PROBLEM TO WORK ON:
Only the lines below from the one containing "cell transplants, in certain conditions" to the one containing "a kidney transplant." should be repeated, both included and unchanged.

DATASET RECORDS:
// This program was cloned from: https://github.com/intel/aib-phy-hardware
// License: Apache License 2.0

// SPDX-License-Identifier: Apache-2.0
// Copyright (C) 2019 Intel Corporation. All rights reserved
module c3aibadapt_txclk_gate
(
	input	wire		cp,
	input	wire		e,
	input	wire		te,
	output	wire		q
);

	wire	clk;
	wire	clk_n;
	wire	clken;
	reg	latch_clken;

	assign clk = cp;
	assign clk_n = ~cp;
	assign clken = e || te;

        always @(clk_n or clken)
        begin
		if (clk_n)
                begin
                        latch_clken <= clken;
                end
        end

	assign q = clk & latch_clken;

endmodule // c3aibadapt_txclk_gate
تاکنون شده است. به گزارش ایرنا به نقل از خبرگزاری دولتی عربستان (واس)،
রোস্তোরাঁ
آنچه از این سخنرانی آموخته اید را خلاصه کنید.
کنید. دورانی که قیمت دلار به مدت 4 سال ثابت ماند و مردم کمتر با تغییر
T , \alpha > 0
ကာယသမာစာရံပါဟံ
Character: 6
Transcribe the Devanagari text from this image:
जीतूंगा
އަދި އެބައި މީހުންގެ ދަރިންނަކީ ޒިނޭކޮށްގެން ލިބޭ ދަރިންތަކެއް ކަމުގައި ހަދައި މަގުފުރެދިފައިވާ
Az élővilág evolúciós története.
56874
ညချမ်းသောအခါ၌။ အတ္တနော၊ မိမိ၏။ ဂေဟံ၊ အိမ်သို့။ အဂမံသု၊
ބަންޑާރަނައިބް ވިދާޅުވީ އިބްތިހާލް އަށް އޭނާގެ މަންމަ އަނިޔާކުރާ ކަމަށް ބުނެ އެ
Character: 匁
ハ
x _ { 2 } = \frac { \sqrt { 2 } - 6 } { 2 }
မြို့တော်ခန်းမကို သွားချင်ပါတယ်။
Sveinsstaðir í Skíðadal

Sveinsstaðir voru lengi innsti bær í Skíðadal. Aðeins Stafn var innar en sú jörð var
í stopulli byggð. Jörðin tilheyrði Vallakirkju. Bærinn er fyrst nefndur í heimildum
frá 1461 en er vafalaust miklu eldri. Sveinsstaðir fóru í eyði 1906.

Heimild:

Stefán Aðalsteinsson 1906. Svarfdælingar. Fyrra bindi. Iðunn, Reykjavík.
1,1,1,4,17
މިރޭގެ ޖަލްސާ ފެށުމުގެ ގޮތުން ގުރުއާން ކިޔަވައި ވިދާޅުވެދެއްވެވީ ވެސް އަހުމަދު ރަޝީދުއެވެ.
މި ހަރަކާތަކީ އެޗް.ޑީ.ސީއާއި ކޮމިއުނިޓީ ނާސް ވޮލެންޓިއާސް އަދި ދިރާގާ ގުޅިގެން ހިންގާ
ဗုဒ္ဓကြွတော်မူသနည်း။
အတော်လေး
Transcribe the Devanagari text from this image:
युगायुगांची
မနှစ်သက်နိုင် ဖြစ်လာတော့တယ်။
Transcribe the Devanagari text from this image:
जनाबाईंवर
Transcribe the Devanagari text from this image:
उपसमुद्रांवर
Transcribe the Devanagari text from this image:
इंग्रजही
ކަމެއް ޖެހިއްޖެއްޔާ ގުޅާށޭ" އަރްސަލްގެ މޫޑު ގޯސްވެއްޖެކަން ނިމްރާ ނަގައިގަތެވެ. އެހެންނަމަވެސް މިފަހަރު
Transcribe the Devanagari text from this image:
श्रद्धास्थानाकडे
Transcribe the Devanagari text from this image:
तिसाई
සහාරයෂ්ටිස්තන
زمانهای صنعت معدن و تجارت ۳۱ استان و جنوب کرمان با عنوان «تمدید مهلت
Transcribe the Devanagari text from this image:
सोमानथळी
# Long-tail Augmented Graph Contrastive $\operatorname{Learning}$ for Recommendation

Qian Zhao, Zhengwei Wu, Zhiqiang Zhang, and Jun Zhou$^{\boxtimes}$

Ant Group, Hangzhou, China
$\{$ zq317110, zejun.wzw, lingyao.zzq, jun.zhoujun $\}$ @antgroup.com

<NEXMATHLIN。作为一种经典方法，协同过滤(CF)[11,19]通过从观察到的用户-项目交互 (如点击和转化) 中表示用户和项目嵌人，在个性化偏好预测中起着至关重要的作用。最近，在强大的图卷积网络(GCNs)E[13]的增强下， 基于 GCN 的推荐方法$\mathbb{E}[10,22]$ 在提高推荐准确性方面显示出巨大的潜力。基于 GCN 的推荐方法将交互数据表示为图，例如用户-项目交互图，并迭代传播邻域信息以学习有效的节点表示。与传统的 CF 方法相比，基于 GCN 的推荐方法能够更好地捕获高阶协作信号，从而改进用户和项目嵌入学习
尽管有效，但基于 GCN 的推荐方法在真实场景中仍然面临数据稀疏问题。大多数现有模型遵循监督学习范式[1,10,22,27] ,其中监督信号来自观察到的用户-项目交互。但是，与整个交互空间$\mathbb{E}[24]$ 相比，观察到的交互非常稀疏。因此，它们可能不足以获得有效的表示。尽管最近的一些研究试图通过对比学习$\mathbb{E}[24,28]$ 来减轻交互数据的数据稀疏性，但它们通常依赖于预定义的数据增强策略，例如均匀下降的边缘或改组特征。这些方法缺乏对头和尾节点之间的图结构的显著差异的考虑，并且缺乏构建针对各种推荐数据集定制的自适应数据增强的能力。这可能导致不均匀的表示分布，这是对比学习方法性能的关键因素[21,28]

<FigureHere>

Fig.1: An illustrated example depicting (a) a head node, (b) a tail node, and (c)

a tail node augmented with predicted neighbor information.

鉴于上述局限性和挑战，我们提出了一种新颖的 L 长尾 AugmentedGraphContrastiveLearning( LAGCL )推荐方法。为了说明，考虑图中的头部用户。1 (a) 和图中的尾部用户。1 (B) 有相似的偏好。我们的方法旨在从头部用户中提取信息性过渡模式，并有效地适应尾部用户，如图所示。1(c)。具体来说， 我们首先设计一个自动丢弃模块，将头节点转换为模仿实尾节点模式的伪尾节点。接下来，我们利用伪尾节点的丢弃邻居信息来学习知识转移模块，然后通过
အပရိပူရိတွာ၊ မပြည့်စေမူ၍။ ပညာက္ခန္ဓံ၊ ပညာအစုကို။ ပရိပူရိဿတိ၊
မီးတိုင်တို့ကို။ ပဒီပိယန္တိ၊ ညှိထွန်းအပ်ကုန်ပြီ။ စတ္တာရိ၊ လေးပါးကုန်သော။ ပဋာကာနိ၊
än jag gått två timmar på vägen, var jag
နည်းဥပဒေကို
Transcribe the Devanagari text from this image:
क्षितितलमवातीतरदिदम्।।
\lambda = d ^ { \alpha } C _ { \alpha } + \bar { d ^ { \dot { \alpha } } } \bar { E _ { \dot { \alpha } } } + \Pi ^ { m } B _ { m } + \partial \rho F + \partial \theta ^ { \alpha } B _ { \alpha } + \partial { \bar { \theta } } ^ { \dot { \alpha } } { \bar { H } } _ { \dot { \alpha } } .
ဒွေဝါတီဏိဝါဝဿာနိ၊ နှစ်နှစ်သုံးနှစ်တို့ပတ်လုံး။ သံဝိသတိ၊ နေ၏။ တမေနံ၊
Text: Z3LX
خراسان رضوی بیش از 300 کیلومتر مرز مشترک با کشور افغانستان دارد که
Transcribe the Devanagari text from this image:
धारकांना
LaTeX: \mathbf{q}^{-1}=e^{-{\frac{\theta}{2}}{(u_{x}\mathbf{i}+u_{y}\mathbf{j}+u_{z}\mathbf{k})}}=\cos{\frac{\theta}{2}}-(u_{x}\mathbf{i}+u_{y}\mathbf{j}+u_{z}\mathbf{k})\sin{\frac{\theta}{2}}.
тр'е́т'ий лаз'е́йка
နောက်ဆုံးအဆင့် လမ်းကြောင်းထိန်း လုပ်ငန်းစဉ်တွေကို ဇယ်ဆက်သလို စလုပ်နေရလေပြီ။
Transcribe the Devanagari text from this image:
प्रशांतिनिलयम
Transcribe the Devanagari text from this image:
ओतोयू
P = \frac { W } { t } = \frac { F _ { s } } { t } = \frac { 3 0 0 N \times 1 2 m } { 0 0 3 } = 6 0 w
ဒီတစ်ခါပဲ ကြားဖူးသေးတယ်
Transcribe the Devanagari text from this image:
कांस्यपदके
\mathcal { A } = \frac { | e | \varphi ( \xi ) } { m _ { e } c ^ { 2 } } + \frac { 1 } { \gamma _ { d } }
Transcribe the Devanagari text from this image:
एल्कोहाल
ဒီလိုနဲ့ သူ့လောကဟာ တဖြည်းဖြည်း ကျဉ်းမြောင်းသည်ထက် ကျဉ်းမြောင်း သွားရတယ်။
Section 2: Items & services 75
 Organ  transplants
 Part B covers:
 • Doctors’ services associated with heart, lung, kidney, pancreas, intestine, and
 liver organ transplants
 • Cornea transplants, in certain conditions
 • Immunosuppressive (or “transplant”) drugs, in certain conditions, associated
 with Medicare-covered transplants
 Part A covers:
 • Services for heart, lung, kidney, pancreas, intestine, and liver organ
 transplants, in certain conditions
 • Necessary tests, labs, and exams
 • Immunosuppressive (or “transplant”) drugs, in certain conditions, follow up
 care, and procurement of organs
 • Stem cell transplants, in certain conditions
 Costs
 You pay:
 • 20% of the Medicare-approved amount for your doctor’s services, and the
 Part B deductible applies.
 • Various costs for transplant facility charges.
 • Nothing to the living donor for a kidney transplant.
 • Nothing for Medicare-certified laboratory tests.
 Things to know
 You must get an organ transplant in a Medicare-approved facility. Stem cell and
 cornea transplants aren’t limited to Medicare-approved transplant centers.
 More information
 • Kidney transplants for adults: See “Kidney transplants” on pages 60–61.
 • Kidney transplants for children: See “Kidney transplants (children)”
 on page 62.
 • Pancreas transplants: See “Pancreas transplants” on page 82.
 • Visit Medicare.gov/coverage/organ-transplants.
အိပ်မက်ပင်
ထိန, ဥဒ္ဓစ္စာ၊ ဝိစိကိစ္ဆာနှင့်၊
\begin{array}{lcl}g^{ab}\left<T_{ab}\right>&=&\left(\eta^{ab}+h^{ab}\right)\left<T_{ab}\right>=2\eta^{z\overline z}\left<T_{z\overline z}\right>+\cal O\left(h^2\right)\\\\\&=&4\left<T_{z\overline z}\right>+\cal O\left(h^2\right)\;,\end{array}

RESULT OF THE TASK:
 • Stem cell transplants, in certain conditions
 Costs
 You pay:
 • 20% of the Medicare-approved amount for your doctor’s services, and the
 Part B deductible applies.
 • Various costs for transplant facility charges.
 • Nothing to the living donor for a kidney transplant.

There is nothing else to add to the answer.